Кочубей
Шрифт:
Любовь Фёдоровна вперила в Кочубея чёрные свои глаза, и казалось хотела проникнуть во все, сокровенные мысли его сердца.
— Как Бог даст, Любонько!
— Как Бог даст!.. Так и бестолковый сумеет отвечать! Горе мне с тобою, да и только; не слушал ты меня в прежние годы, а давно бы Любоньку твою ясневельможною титуловали, давно бив твоих руках блестела булава... а теперь, вот и знай, судья да и судья, и будет с тебя... Ох! Ох! Ох!.. Василий, Василий, жалко мне и тебя, и себя, и детей наших!..

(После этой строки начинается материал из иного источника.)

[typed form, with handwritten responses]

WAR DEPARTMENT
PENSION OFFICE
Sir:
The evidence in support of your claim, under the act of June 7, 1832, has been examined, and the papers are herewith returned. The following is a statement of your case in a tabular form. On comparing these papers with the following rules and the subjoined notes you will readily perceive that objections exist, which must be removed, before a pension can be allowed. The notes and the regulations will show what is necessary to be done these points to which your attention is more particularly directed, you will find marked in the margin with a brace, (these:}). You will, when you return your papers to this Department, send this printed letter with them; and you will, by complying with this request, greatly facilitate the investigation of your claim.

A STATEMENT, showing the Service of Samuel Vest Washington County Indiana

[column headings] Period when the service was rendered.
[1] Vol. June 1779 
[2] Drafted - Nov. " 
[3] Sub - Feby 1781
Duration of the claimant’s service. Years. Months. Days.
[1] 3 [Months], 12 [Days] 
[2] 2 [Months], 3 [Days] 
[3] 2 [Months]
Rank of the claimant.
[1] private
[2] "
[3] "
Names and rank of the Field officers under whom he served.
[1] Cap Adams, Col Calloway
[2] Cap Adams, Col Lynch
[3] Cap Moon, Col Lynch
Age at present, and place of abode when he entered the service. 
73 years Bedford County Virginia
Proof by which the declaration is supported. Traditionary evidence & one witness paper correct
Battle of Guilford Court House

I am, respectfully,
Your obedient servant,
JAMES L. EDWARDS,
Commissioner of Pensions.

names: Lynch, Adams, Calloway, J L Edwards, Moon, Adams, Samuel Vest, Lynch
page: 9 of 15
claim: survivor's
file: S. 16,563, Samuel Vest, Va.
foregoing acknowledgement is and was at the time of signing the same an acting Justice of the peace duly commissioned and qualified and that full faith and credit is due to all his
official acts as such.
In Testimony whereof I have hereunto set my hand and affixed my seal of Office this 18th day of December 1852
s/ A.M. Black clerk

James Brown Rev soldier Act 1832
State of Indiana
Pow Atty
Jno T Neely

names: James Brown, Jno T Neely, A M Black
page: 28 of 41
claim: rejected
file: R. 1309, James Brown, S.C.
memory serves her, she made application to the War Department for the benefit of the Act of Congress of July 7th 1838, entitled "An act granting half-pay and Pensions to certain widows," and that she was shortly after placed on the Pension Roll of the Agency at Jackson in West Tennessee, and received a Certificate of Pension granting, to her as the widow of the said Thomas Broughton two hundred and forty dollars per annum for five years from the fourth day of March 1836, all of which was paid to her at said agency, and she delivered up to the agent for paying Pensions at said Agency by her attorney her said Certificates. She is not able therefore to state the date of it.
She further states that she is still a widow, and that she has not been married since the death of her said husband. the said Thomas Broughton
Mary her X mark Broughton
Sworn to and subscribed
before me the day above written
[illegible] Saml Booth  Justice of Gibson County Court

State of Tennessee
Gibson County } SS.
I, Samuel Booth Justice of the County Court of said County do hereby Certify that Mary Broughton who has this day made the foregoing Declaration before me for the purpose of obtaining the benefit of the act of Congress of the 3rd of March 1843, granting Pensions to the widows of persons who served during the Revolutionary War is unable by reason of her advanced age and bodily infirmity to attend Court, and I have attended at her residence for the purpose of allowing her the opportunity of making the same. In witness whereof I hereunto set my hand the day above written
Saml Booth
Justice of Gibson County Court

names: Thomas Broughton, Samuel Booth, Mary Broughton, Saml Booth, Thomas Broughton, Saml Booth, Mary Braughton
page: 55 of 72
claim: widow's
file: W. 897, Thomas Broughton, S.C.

— Е-е-е! Любонько, чего ты ещё хочешь, скажи пожалуста? Кто с таким достатком, как мы, у кого всегда и хлеб и соль для добрых и честных людей ведётся... тебя и меня без гетманства
— Доволен! И гетманства не хочешь?
— Да!.. Да...
Кочубей покривился, почесал затылок и скоро договорил:
— Да... хоть и так, что и в гетманы не хочу! Которому гетману на добро пошло гетманство, и добром кончилось? Того сменили, того срубили, того извели, того сослали — хоть бы Самуйлович, то ли был не гетман и батько добрый! Как сыну родному добро мне делал... вот, по твоей милости... ох-ох-ох!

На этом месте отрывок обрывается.